Background: In malignant melanoma (MM), overexpression of αvβ3 integrin is linked to a more metastatic phenotype. Development of anti-αvβ3 agents able to counteract melanoma progression would be helpful for disease treatment. A new selective ligand of αvβ3, RGDechi-hCit, has anti-angiogenic properties against endothelial cells in animal angiogenesis models. The aim of this study was to evaluate the in vitro effects of the RGDechi-hCit peptide on MM cell lines.
Materials and methods: Cytofluorimetric analysis characterized the cell surface expression of αvβ3 integrin on seven MM cell lines: A375, WM266-4, SK-Mel-28, Sbcl2, LB24Dagi, PR-Mel and PNP-Mel. Cell proliferation, adhesion, and migration assays were carried out using the αvβ3-antagonist RGDechi-hCit.

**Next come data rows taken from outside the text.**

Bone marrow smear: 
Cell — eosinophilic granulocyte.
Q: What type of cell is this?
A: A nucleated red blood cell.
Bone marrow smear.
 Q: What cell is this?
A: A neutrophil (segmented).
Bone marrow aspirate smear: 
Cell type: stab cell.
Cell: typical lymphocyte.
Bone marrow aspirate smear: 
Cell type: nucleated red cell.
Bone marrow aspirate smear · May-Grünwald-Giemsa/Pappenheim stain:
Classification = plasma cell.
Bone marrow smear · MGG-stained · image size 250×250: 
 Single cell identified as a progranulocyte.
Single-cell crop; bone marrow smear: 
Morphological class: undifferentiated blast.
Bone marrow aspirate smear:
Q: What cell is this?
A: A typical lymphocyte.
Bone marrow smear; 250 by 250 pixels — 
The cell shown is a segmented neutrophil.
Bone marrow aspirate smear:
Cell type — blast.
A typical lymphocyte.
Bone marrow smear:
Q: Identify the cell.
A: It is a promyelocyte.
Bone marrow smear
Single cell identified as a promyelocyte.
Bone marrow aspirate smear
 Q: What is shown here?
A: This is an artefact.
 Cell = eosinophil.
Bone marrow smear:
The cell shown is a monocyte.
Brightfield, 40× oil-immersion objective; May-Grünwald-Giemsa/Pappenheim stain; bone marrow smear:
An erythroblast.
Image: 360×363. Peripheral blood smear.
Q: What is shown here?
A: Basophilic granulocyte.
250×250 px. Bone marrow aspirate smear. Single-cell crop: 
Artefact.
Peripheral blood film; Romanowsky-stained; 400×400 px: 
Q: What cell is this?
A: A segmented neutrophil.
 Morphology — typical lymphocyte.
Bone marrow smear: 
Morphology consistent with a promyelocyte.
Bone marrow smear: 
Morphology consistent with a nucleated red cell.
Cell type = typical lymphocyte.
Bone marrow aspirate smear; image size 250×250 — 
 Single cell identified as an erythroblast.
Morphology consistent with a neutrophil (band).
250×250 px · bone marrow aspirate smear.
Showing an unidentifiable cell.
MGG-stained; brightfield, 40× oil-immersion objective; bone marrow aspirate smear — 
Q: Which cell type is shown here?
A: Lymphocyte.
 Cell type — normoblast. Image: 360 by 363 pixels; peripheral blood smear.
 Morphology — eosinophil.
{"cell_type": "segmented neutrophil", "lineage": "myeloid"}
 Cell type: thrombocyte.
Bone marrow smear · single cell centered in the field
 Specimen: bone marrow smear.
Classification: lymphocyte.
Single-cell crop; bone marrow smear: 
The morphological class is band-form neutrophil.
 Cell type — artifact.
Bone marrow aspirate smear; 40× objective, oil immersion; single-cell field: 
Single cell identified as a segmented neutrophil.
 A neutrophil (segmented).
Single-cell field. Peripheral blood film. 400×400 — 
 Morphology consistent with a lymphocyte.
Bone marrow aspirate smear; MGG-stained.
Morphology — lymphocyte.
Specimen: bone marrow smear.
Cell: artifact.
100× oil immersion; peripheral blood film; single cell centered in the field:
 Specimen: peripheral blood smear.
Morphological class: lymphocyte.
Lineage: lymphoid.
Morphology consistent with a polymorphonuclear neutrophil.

Results: Proliferation was not significantly inhibited by RGDechi-hCit, although striking morphological changes were detected in MM cell lines highly expressing αvβ3. Conversely, assays on fibronectin-coated plates showed a significant RGDechi-hCit dose-dependent inhibitory effect on both adhesion and migration.
Conclusion: The data demonstrate anti-adhesion and anti-migration, but not antiproliferative, activities of RGDechi-hCit against MM cells.